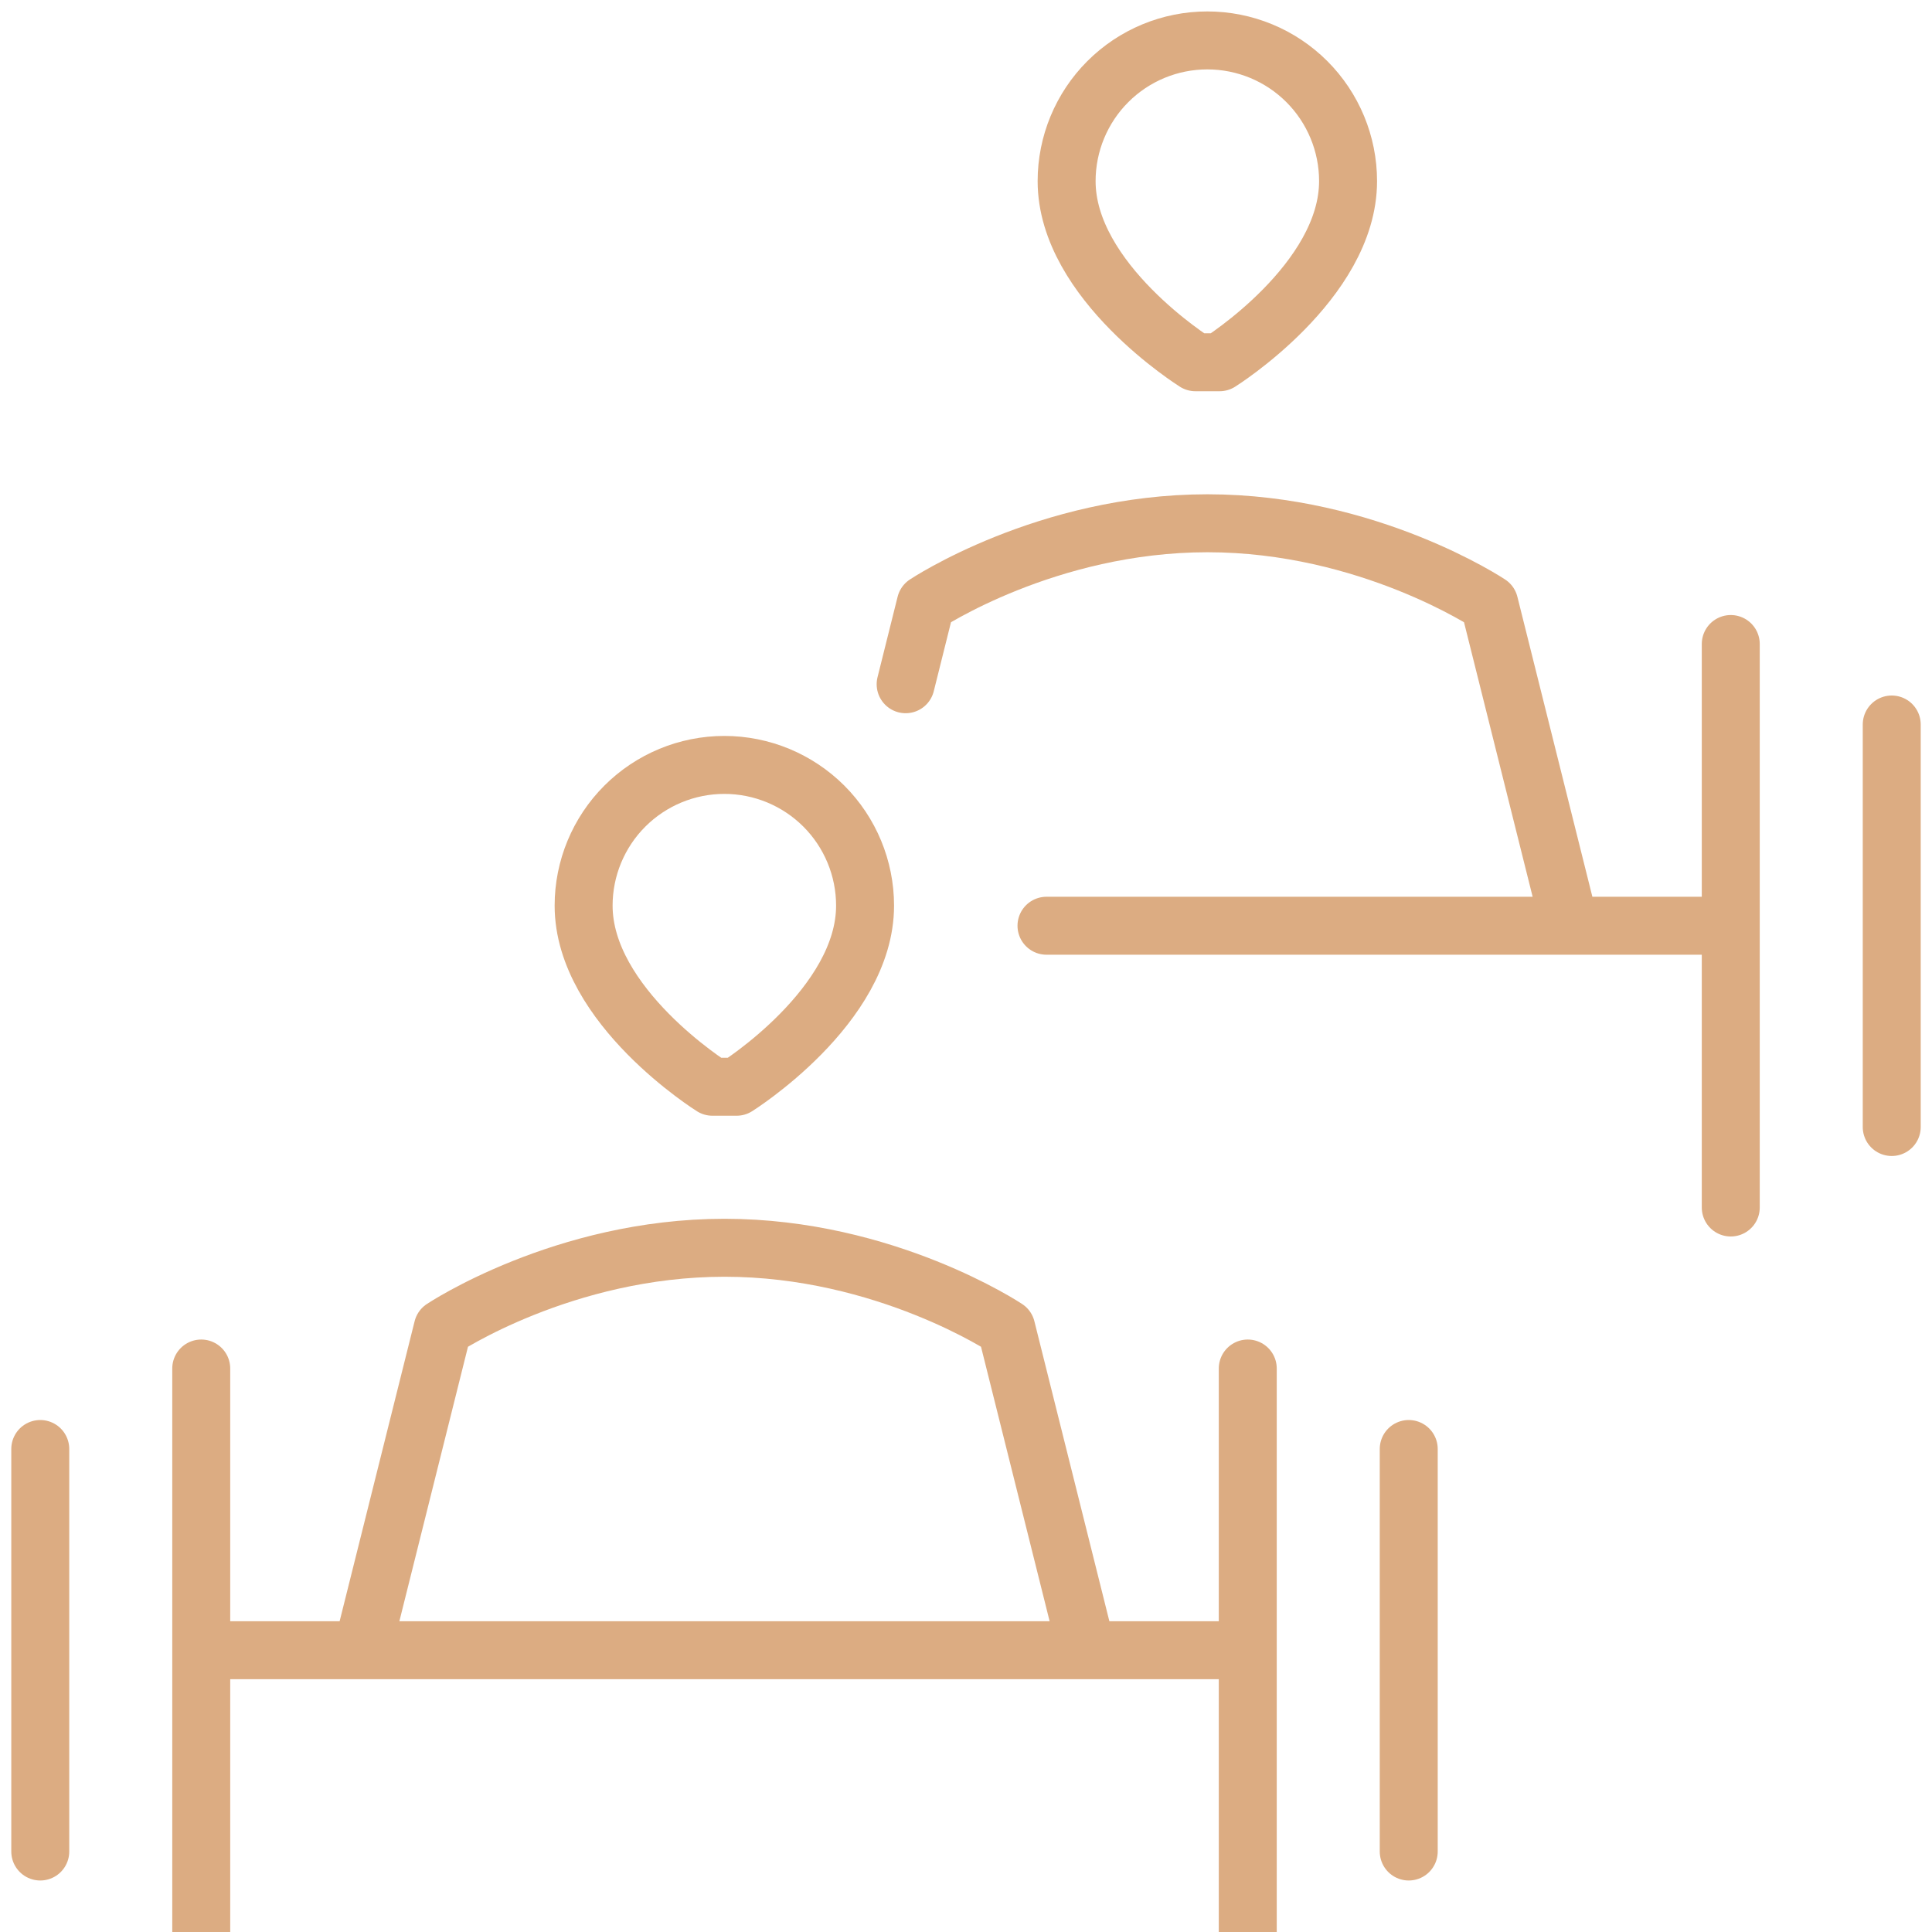 <?xml version="1.0" encoding="UTF-8"?> <svg xmlns="http://www.w3.org/2000/svg" width="50" height="50" viewBox="0 0 50 50" fill="none"><g clip-path="url(#clip0_1_446)"><path d="M1.042 37.5V47.917M5.208 35.417V50M36.458 37.5V47.917M32.292 35.417V50M5.208 42.708H32.292M28.125 42.708L26.042 34.375C26.042 34.375 22.917 32.292 18.75 32.292C14.583 32.292 11.458 34.375 11.458 34.375L9.375 42.708M48.958 18.75V29.167M44.792 16.667V31.25M27.083 23.958H44.792M40.625 23.958L38.542 15.625C38.542 15.625 35.417 13.542 31.25 13.542C27.083 13.542 23.958 15.625 23.958 15.625L23.438 17.708M18.438 28.125C18.438 28.125 15.104 26.042 15.104 23.437C15.104 22.472 15.488 21.545 16.171 20.862C16.854 20.18 17.78 19.796 18.746 19.796C19.712 19.796 20.638 20.18 21.321 20.862C22.004 21.545 22.388 22.472 22.388 23.437C22.388 26.042 19.063 28.125 19.063 28.125H18.438ZM30.938 9.375C30.938 9.375 27.604 7.292 27.604 4.687C27.604 3.722 27.988 2.795 28.671 2.112C29.354 1.429 30.28 1.046 31.246 1.046C32.212 1.046 33.138 1.429 33.821 2.112C34.504 2.795 34.888 3.722 34.888 4.687C34.888 7.292 31.563 9.375 31.563 9.375H30.938Z" stroke="#DCAC82" stroke-width="1.5" stroke-linecap="round" stroke-linejoin="round"></path></g><defs><clipPath id="clip0_1_446"><rect width="50" height="50" fill="white"></rect></clipPath></defs></svg> 
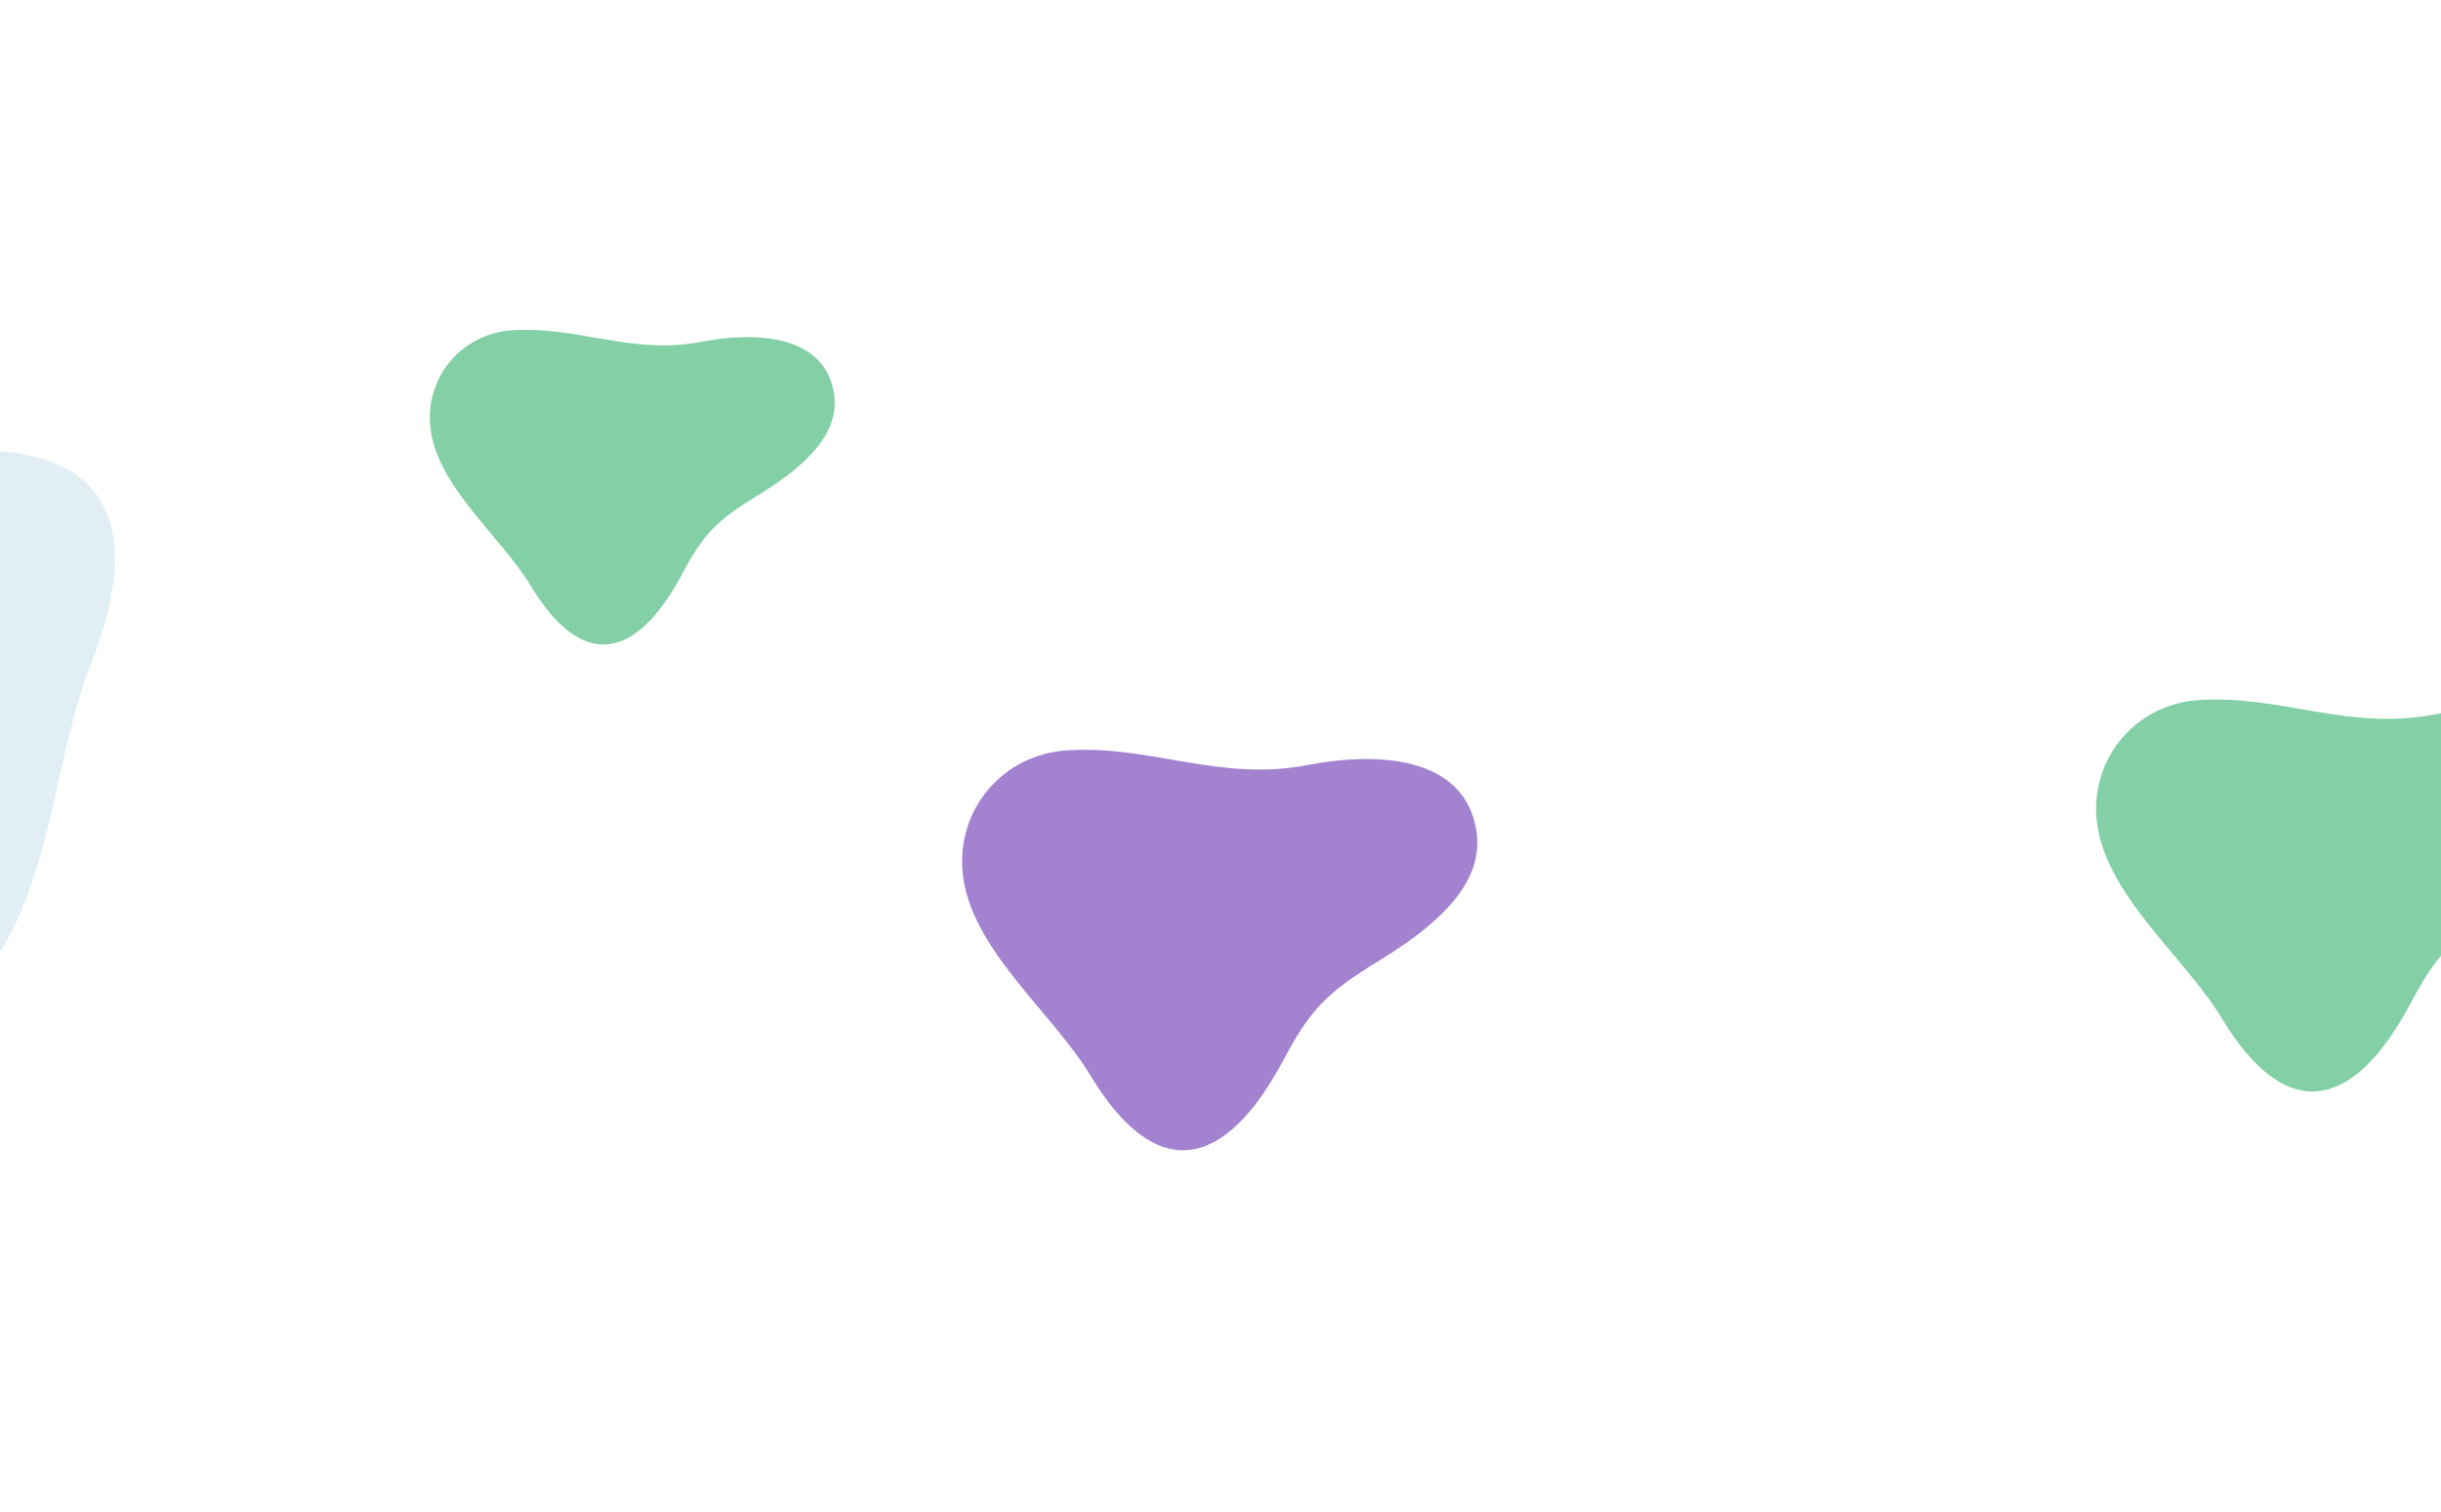 <svg width="1440" height="892" viewBox="0 0 1440 892" fill="none" xmlns="http://www.w3.org/2000/svg">
<g clip-path="url(#clip0_224_522)">
<rect width="1440" height="892" fill="white"/>
<g filter="url(#filter0_f_224_522)">
<path d="M253.795 251.246C251.148 221.857 272.77 196.736 302.305 194.887C341.675 192.418 372.88 209.7 414.193 201.643C441.217 196.37 484.407 195.521 491.603 230.041C496.073 251.492 482.131 270.965 446.964 292.39C422.529 307.281 414.965 315.145 402.425 338.695C375.245 389.753 343.407 395.982 312.994 345.541C295.338 316.261 256.972 286.586 253.795 251.246Z" fill="#83D0A6"/>
</g>
<g filter="url(#filter1_f_224_522)">
<path d="M1236.83 483.289C1233.53 446.681 1260.47 415.391 1297.26 413.088C1346.3 410.012 1385.17 431.539 1436.63 421.502C1470.29 414.935 1524.09 413.877 1533.05 456.876C1538.62 483.596 1521.25 507.852 1477.45 534.54C1447.01 553.088 1437.59 562.884 1421.97 592.218C1388.11 655.817 1348.45 663.576 1310.57 600.746C1288.58 564.274 1240.79 527.309 1236.83 483.289Z" fill="#83D0A6"/>
</g>
<g filter="url(#filter2_f_224_522)">
<path d="M567.827 514.484C564.458 477.082 591.975 445.113 629.563 442.76C679.667 439.618 719.38 461.611 771.956 451.357C806.348 444.647 861.313 443.566 870.471 487.498C876.16 514.797 858.416 539.579 813.662 566.846C782.564 585.797 772.938 595.805 756.979 625.775C722.389 690.754 681.87 698.681 643.166 634.488C620.697 597.226 571.87 559.459 567.827 514.484Z" fill="#A383D0"/>
</g>
<path d="M-18.35 583.739C-58.276 620.283 -118.963 616.678 -154.505 575.651C-201.887 520.967 -211.38 456.23 -269.075 404.927C-306.817 371.371 -356.085 309.314 -313.732 260.429C-287.413 230.054 -243.503 228.737 -173.144 256.209C-124.249 275.294 -104.366 277.583 -56.069 269.687C48.634 252.555 93.125 292.071 53.368 392.526C30.291 450.84 29.667 539.806 -18.35 583.739Z" fill="#69AAD3" fill-opacity="0.2"/>
</g>
<defs>
<filter id="filter0_f_224_522" x="-110.024" y="-168.956" width="966.036" height="912.894" filterUnits="userSpaceOnUse" color-interpolation-filters="sRGB">
<feFlood flood-opacity="0" result="BackgroundImageFix"/>
<feBlend mode="normal" in="SourceGraphic" in2="BackgroundImageFix" result="shape"/>
<feGaussianBlur stdDeviation="181.8" result="effect1_foregroundBlur_224_522"/>
</filter>
<filter id="filter1_f_224_522" x="872.959" y="49.184" width="1024.7" height="958.505" filterUnits="userSpaceOnUse" color-interpolation-filters="sRGB">
<feFlood flood-opacity="0" result="BackgroundImageFix"/>
<feBlend mode="normal" in="SourceGraphic" in2="BackgroundImageFix" result="shape"/>
<feGaussianBlur stdDeviation="181.8" result="effect1_foregroundBlur_224_522"/>
</filter>
<filter id="filter2_f_224_522" x="203.948" y="78.849" width="1031.15" height="963.522" filterUnits="userSpaceOnUse" color-interpolation-filters="sRGB">
<feFlood flood-opacity="0" result="BackgroundImageFix"/>
<feBlend mode="normal" in="SourceGraphic" in2="BackgroundImageFix" result="shape"/>
<feGaussianBlur stdDeviation="181.8" result="effect1_foregroundBlur_224_522"/>
</filter>
<clipPath id="clip0_224_522">
<rect width="1440" height="892" fill="white"/>
</clipPath>
</defs>
</svg>
● ● ● ● ● ● ●
ACTIVITY:
Show all lines above that contain "interpolation".

TASK RESULT:
<filter id="filter0_f_224_522" x="-110.024" y="-168.956" width="966.036" height="912.894" filterUnits="userSpaceOnUse" color-interpolation-filters="sRGB">
<filter id="filter1_f_224_522" x="872.959" y="49.184" width="1024.7" height="958.505" filterUnits="userSpaceOnUse" color-interpolation-filters="sRGB">
<filter id="filter2_f_224_522" x="203.948" y="78.849" width="1031.15" height="963.522" filterUnits="userSpaceOnUse" color-interpolation-filters="sRGB">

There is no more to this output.